§ What the task requires: In the material below, which lines hold the word "SourceGraphic"? Pick each one out.

§ Provided records:

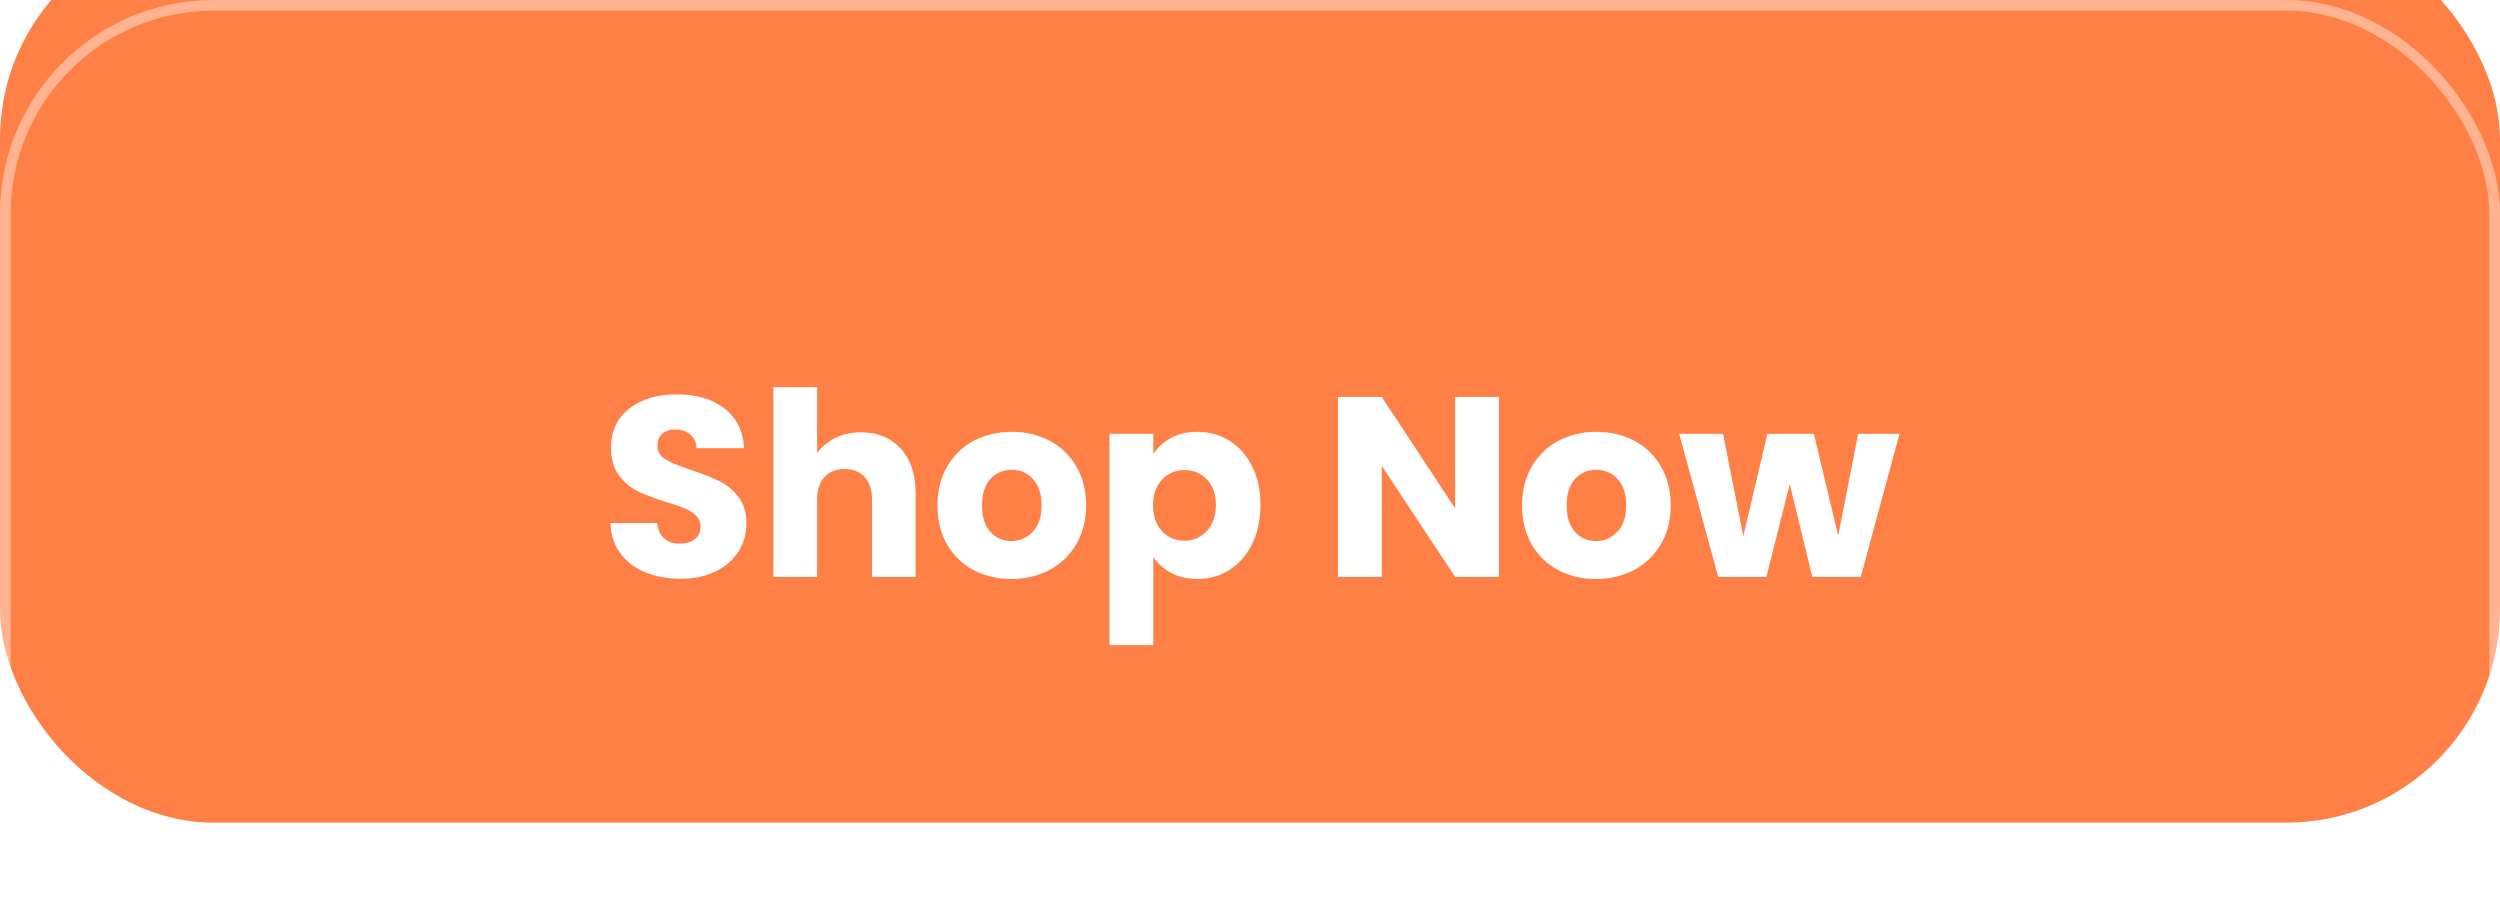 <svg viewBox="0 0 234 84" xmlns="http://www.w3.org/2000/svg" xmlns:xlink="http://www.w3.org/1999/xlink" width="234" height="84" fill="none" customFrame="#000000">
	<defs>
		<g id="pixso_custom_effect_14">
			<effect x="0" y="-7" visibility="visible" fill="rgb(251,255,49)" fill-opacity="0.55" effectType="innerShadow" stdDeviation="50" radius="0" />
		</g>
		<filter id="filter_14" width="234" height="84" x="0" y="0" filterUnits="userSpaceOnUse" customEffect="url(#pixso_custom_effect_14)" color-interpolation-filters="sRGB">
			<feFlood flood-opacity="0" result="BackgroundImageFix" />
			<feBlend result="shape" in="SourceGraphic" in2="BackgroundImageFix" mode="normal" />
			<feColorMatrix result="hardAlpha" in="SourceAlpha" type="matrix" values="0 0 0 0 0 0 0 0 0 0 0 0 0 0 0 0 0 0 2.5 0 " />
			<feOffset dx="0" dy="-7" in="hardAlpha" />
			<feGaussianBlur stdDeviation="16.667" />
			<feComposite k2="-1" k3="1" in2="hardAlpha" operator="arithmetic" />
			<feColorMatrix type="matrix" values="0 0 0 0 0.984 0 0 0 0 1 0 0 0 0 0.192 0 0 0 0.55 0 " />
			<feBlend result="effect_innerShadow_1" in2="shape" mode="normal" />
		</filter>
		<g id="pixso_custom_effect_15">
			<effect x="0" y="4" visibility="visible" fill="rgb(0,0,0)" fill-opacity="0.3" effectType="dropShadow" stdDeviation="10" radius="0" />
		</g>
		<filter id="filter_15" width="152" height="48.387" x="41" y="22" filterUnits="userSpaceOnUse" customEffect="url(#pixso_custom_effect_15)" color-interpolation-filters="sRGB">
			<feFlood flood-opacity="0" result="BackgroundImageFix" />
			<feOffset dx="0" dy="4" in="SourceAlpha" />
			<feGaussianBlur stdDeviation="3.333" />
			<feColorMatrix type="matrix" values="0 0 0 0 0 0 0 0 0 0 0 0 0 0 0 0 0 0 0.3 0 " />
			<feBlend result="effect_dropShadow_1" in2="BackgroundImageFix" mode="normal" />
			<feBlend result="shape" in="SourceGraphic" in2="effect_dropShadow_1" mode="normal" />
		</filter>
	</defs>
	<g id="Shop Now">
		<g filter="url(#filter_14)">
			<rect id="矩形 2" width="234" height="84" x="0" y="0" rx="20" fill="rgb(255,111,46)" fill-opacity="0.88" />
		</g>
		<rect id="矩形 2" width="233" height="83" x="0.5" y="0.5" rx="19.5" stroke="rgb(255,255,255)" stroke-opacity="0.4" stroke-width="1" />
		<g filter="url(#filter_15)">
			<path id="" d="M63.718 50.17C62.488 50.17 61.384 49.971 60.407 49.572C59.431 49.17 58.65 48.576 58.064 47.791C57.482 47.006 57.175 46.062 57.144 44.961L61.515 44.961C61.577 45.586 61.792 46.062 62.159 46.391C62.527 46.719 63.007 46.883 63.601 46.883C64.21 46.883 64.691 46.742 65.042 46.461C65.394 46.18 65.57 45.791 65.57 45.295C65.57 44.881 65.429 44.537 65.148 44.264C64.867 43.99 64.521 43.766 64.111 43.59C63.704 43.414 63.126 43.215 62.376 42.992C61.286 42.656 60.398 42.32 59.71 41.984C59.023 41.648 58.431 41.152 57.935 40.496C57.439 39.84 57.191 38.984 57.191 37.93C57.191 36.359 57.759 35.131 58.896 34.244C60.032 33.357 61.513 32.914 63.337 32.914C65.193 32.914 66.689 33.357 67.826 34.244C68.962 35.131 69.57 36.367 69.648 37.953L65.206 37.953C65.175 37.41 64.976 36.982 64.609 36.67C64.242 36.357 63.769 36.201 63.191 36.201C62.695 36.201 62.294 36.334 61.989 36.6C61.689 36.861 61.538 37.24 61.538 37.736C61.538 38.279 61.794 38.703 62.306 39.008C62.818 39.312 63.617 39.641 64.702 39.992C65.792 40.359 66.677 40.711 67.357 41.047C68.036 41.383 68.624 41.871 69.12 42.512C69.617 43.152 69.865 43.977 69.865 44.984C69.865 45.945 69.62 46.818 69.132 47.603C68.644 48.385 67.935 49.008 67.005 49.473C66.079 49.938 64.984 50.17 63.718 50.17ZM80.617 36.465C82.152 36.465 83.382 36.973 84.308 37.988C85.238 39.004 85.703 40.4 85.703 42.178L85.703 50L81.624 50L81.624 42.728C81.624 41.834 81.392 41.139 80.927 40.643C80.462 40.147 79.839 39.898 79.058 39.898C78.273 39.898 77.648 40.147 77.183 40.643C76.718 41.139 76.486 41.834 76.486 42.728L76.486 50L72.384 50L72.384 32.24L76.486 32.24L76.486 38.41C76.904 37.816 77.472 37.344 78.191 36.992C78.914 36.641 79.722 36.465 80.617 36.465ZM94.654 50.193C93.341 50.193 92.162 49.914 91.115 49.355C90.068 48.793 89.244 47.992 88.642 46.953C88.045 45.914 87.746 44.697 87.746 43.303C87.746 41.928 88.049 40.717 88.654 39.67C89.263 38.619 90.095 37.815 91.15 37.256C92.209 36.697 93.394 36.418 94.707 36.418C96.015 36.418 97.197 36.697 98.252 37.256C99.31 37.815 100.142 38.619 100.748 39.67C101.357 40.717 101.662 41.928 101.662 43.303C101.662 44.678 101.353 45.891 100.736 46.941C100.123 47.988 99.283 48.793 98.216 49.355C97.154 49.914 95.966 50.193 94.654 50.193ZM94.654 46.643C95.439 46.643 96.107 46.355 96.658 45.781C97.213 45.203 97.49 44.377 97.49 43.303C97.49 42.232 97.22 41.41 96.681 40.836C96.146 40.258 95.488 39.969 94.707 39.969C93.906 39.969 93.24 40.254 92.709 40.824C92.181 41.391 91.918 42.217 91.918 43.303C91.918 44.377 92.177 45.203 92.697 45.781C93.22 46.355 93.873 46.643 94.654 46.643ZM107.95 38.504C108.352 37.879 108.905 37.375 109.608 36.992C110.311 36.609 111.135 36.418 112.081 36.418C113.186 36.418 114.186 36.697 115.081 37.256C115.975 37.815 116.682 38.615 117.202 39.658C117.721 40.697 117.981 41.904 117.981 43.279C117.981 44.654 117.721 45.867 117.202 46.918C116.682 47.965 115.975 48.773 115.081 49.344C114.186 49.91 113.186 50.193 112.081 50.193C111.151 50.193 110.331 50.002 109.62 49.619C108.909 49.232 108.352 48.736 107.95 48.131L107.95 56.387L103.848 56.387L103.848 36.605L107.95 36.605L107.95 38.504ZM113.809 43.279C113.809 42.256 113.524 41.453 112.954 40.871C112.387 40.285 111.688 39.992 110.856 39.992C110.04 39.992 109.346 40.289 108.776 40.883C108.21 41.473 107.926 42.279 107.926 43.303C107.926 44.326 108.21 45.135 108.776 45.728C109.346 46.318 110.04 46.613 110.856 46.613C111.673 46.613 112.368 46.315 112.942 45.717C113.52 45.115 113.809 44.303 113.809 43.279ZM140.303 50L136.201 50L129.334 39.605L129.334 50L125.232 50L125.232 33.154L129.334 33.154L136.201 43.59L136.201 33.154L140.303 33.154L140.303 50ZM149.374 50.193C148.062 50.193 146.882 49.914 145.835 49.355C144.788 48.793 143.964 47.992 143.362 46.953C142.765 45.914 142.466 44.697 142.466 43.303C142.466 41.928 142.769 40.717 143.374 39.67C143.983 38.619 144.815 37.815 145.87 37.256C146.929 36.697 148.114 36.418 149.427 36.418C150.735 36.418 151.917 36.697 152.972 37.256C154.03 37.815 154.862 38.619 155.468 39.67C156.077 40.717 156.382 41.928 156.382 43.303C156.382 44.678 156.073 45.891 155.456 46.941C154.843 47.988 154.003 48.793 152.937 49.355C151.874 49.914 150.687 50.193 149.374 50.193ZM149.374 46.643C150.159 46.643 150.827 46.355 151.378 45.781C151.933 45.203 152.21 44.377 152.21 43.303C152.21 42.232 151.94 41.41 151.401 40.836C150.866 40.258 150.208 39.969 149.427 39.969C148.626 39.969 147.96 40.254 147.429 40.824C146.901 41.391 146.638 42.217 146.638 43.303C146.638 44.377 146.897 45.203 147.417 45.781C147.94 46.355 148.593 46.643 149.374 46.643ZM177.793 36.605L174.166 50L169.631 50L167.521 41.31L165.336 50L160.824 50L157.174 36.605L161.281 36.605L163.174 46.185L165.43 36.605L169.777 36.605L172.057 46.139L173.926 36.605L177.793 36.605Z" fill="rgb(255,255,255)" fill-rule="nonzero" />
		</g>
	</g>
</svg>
--
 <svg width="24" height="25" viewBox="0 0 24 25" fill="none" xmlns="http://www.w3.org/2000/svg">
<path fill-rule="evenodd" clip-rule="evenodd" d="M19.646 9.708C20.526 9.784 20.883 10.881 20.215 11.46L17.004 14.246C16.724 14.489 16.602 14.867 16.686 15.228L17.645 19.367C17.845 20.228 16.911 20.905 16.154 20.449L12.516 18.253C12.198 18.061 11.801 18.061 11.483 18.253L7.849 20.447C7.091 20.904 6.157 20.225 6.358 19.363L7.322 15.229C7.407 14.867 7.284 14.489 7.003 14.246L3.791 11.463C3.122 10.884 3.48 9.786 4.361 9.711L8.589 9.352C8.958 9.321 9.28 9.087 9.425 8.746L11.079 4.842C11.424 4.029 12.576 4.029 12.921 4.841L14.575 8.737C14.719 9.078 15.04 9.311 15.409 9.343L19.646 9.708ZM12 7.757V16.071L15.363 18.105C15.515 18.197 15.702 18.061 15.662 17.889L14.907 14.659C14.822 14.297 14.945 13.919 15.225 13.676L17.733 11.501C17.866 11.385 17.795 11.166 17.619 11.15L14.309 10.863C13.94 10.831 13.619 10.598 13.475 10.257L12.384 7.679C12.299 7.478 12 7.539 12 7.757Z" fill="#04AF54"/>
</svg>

§ Output for this exercise:
			<feBlend result="shape" in="SourceGraphic" in2="BackgroundImageFix" mode="normal" />
			<feBlend result="shape" in="SourceGraphic" in2="effect_dropShadow_1" mode="normal" />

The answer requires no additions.